3. Folio, Gallimard.

La statue d’Ernest Hemingway posée à gauche de la Plaza de Toros de Pamplona — L’estatua d’Ernest Hemingway plaçada a man esquèrra de la Plaza de Toras de Pampalona.

L’éternel retour

Chronique parue hier samedi 1er juillet 2023 dans la page Débats du quotidien La République des Pyrénées.

Cronica parescuda ger dissabte 1èr julhet 2023 en la pagina Débats deu diari La République des Pyrénées.

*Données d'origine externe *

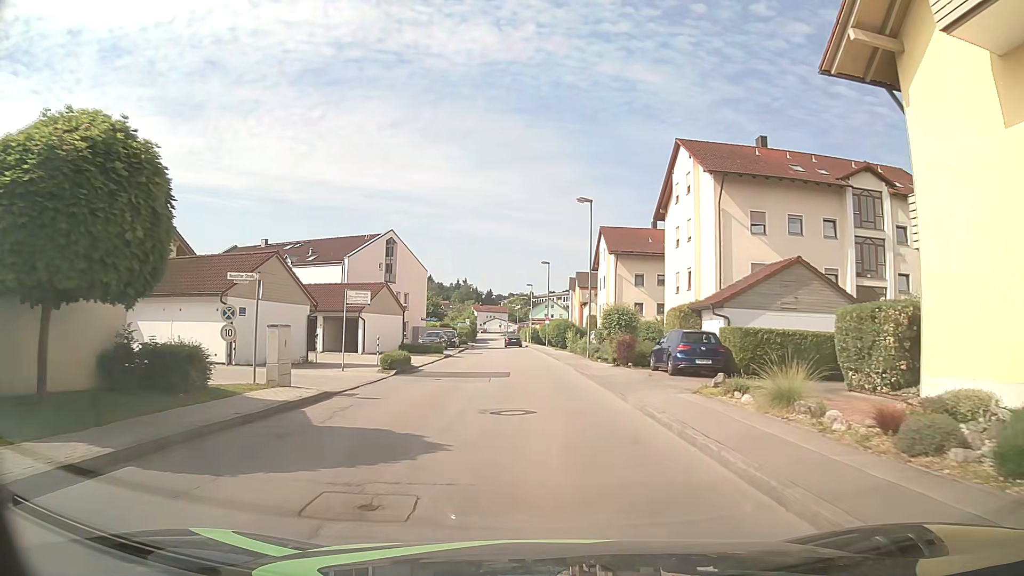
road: unclassified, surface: asphalt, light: Day
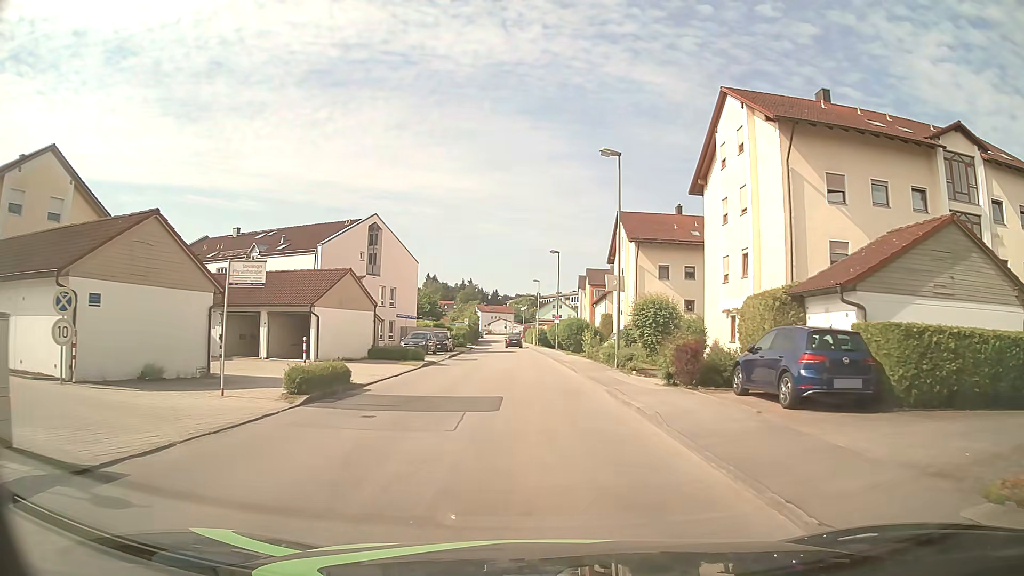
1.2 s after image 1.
(0.0, +9.3) m; 0°
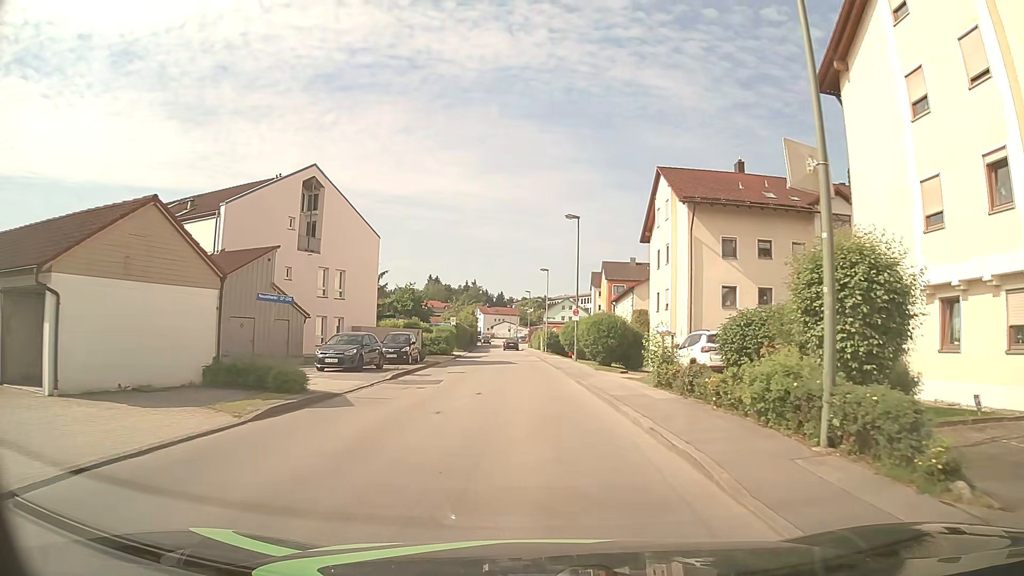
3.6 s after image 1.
(-0.1, +17.8) m; 0°
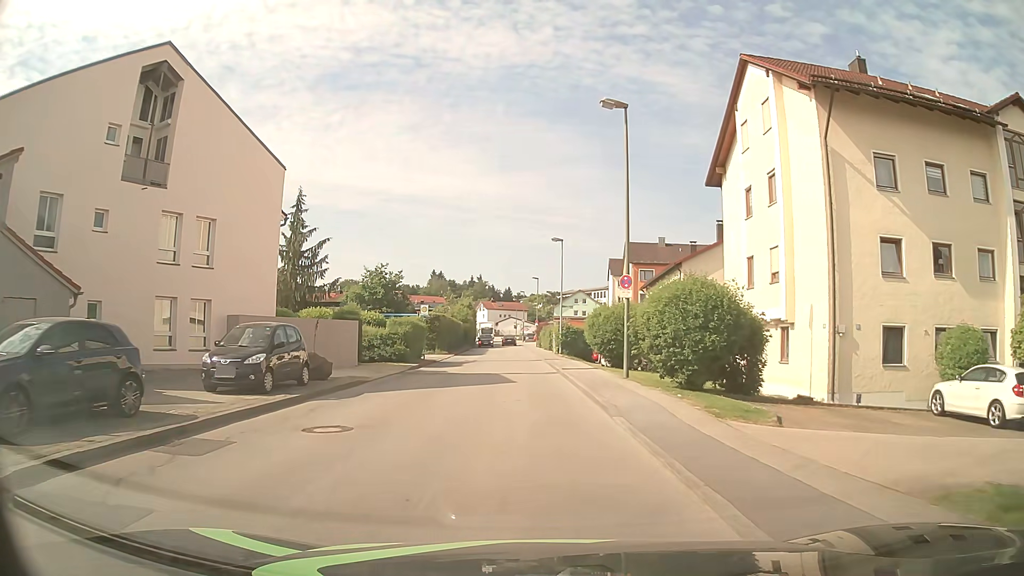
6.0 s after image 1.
(-0.2, +18.3) m; -1°
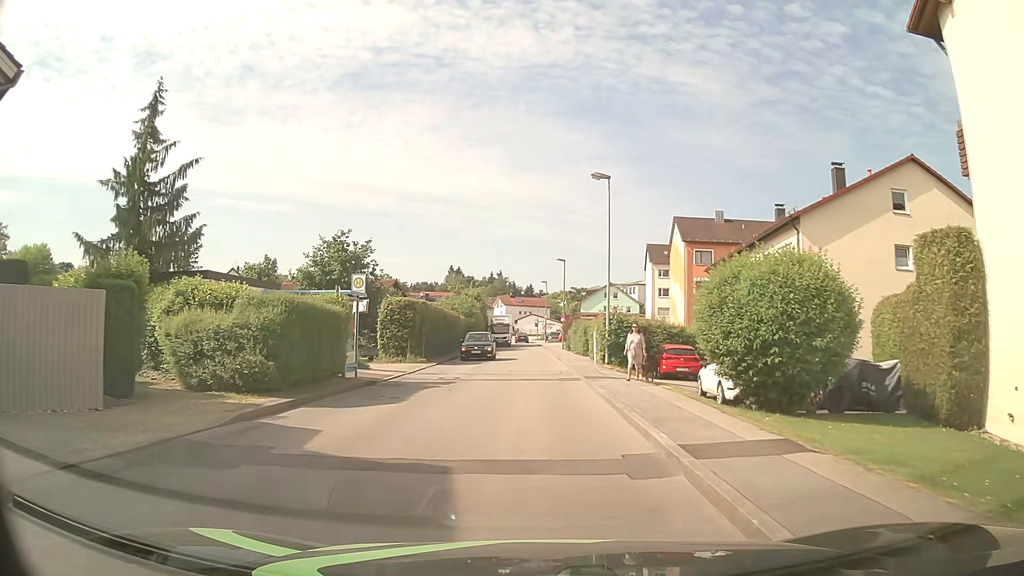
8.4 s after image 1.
(-0.4, +18.5) m; -3°
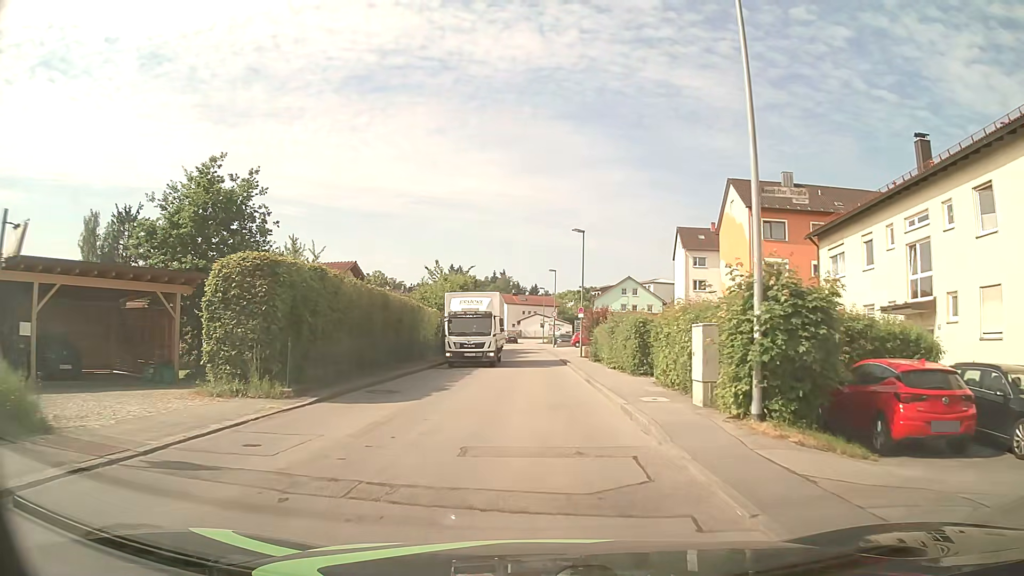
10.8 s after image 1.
(-0.1, +18.5) m; 0°
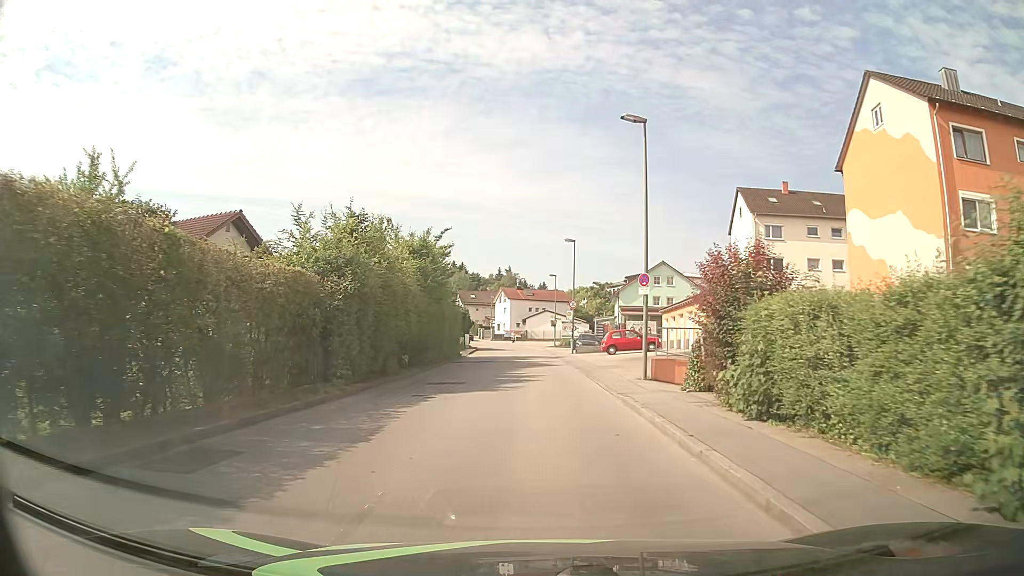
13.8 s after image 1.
(-0.3, +23.1) m; -1°
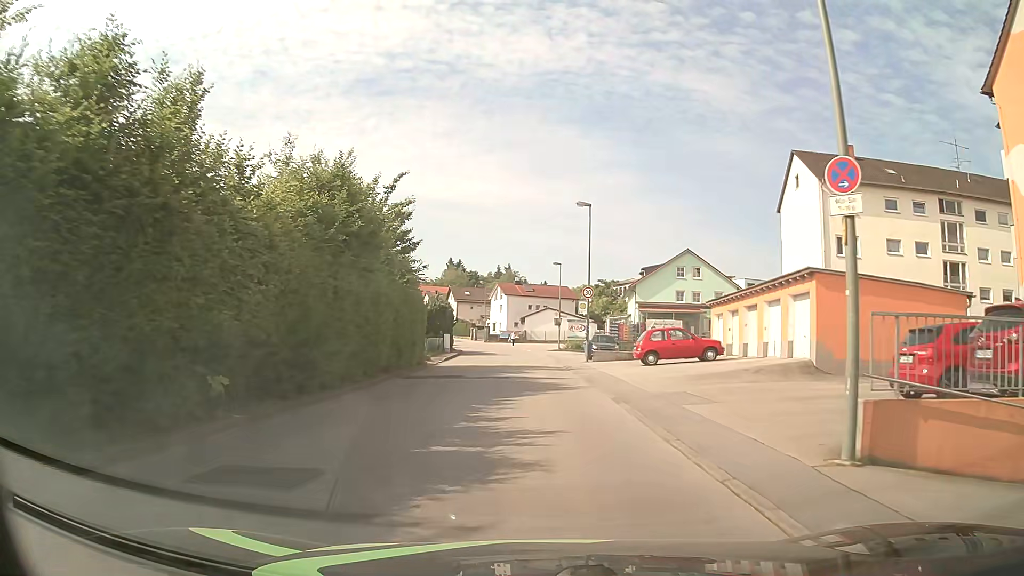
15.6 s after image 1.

L’ignorance à peine dissimulée des médias français concernant la vie politique en Espagne m’a toujours étonné. J’y vois aussi de la condescendance peut-être du mépris. L’intelligentsia française, en effet, ne s’est jamais trop intéressée à ce pays si proche et si lointain, exception faite lors de la longue agonie de Franco et à l’avènement chaotique de la démocratie en 1976. En 2017, la crise Catalane les a soudain réveillés. Les jacobins de tout bord y ont vu une grave menace pour la France et l’Europe. Le cas écossais résonnait sans doute encore. Je n’ai jamais cessé de jeter un œil attentif sur la situation politique de l’Espagne. Récemment, les élections autonomiques et municipales ont vu la victoire du « Partido Popular » et de « Vox », parti d’extrême-droite, réminiscence lointaine du fascisme de Primo de Rivera, créateur de la «Falange ». Pedro Sanchez, le chef du gouvernement espagnol, a avancé la date des élections législatives au 23 juillet prochain. La campagne électorale bat son plein. « Partido Popular » et « Vox » annoncent sans détour qu’ils abrogeront les lois concernant l’I.V.G, le mariage pour tous, la violence faite aux femmes, le racisme, les dernières avancées sociales. De surcroît, ils veulent aussi modifier la Constitution de 1978 en supprimant les compétences juridiques, sociales, linguistiques et culturelles accordées aux autonomies. Ils visent en premier lieu la Catalogne et Euskadi. La bataille fait rage dans les médias et les réseaux sociaux. Une guerre folle de mensonges, de manipulations grossières, de provocations. Il faut entendre Santiago Abascal, le petit « caudillo » de Vox, pour s’en convaincre. Il veut en découdre. L’autre soir, le voyant vitupérer sur les lois sociales, je me suis dit : « Décidément, la guerre d’Espagne n’est pas finie ! » L’histoirebégaiera-t-elle ? Je crains fort que les vieux démons de l’Espagne franquiste ne fassent bientôt leur réapparition. Elle a toujours préféré le passé à l’avenir.

Ua plaja inconeguda d’Euskadi // Une plage inconnue d’Euskadi.